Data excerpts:
*** Block opens ***

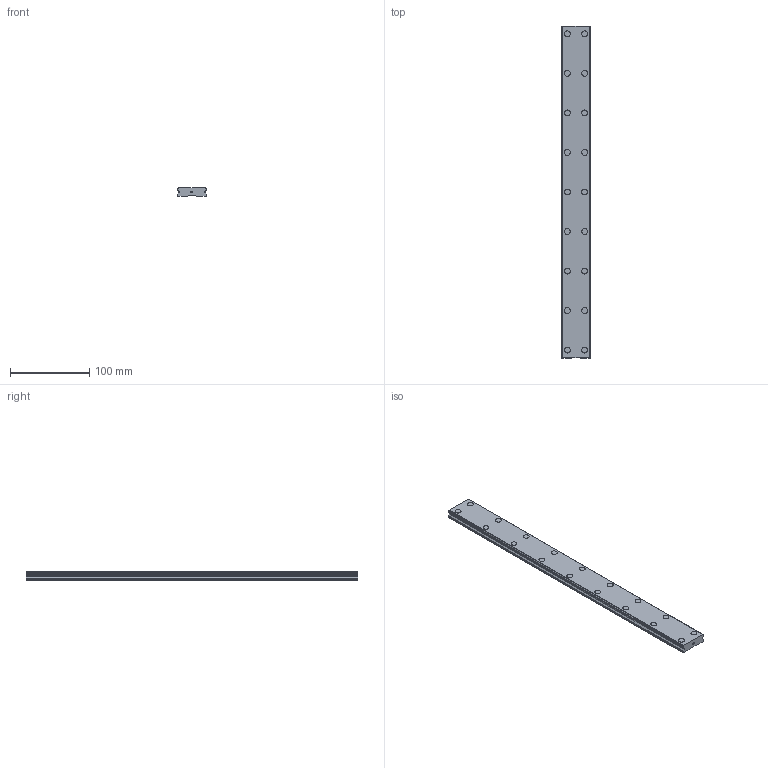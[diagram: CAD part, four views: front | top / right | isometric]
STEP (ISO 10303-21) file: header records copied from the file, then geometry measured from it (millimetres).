
FILE_DESCRIPTION(('STEP AP214'),'1');
FILE_NAME('cctmp_38BA86B9-C0A9-4399-B91B-57F6B37C5AB1_2021_03_02_14_32_29_0451..stp','2021-03-02T13:32:29',('HIWIN GmbH'),('CADClick - www.CADClick.com'),'Spatial InterOp 3D',' ','unknown authorization');
FILE_SCHEMA(('AUTOMOTIVE_DESIGN'));
Length unit declared in the file: millimetre
Products named in the file (1): WER21R420H_FILE
Bounding box: 37 x 420 x 11 mm (x, y, z)
Volume: 155281.3 mm3; surface area: 46402.2 mm2
Topology: 1 solids, 1 shells, 265 faces, 615 edges, 410 vertices
Faces by surface type: plane 139, cylinder 126
Entity records: 9765 total; most frequent: DIRECTION 1399, CARTESIAN_POINT 1291, ORIENTED_EDGE 1230, EDGE_CURVE 615, AXIS2_PLACEMENT_3D 518, VERTEX_POINT 410, LINE 363, VECTOR 363

*** Block closes ***

What to produce
Repeat the records word for word, skipping pictures.

Task solution
[diagram: CAD part, four views: front | top / right | isometric]
STEP (ISO 10303-21) file: header records copied from the file, then geometry measured from it (millimetres).
FILE_DESCRIPTION(('STEP AP214'),'1');
FILE_NAME('cctmp_38BA86B9-C0A9-4399-B91B-57F6B37C5AB1_2021_03_02_14_32_29_0451..stp','2021-03-02T13:32:29',('HIWIN GmbH'),('CADClick - www.CADClick.com'),'Spatial InterOp 3D',' ','unknown authorization');
FILE_SCHEMA(('AUTOMOTIVE_DESIGN'));
Length unit declared in the file: millimetre
Products named in the file (1): WER21R420H_FILE
Bounding box: 37 x 420 x 11 mm (x, y, z)
Volume: 155281.3 mm3; surface area: 46402.2 mm2
Topology: 1 solids, 1 shells, 265 faces, 615 edges, 410 vertices
Faces by surface type: plane 139, cylinder 126
Entity records: 9765 total; most frequent: DIRECTION 1399, CARTESIAN_POINT 1291, ORIENTED_EDGE 1230, EDGE_CURVE 615, AXIS2_PLACEMENT_3D 518, VERTEX_POINT 410, LINE 363, VECTOR 363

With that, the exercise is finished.